The 1932 United States Senate elections in Colorado took place on November 8, 1932. Incumbent Republican Senator Charles W. Waterman announced that he would not seek re-election to a second term. Attorney Karl C. Schuyler won the Republican nomination to succeed Waterman and faced former Senator Alva B. Adams, the Democratic nominee, in the general election.

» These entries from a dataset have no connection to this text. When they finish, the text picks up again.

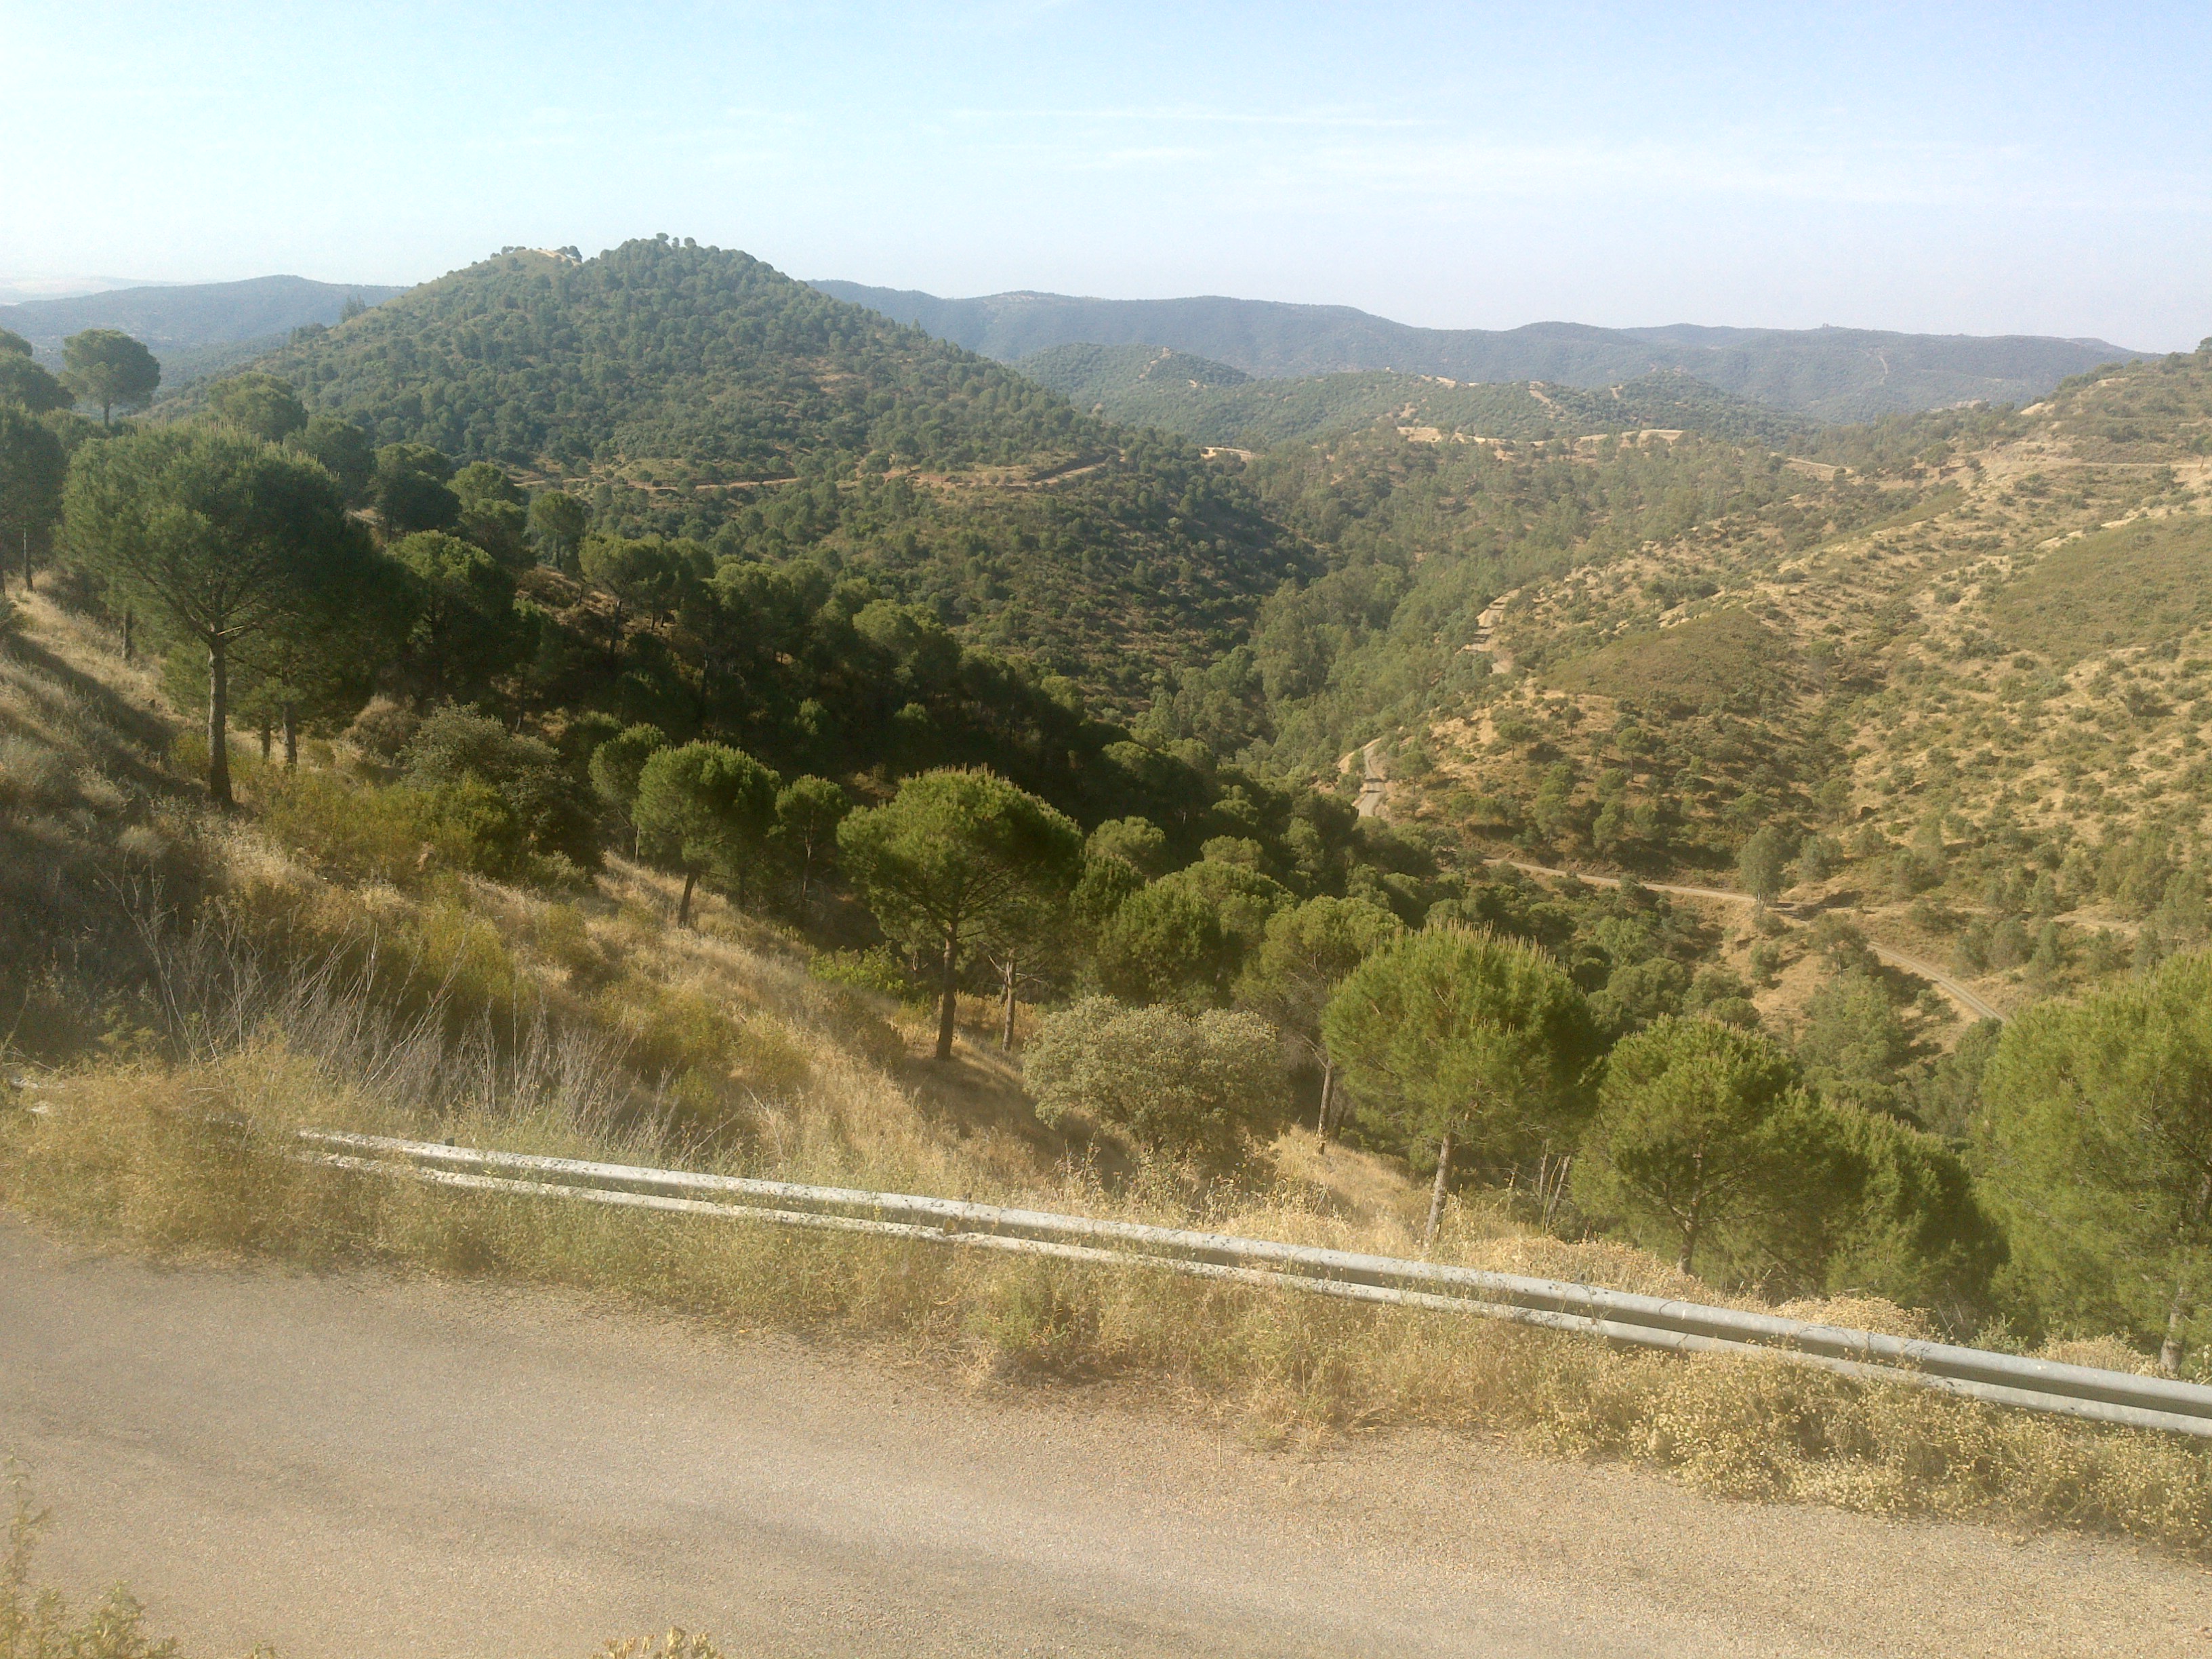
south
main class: Woodland
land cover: Pine dominated coniferous woodland
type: coniferous forest of the mediterranean region
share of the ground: 10 - 25 %
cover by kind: herbaceous plants 60 %, coniferous forest trees 20 %, shrubs 15 %, broadleaved forest trees 5 %
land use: Forestry
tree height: > 5 m
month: May
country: ES
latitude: 38.0361
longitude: -4.6790

However, shortly before the primary elections took place, Waterman died in office. Governor Billy Adams appointed Walter Walker, the Chairman of the Colorado Democratic Party, to fill the vacancy. A special election was called for the November 8, 1932, general election to fill the remaining months of Waterman's term. The state Republican Party named Schuyler as its nominee, but Adams declined to be a candidate in the special election, and Walker was named as the nominee.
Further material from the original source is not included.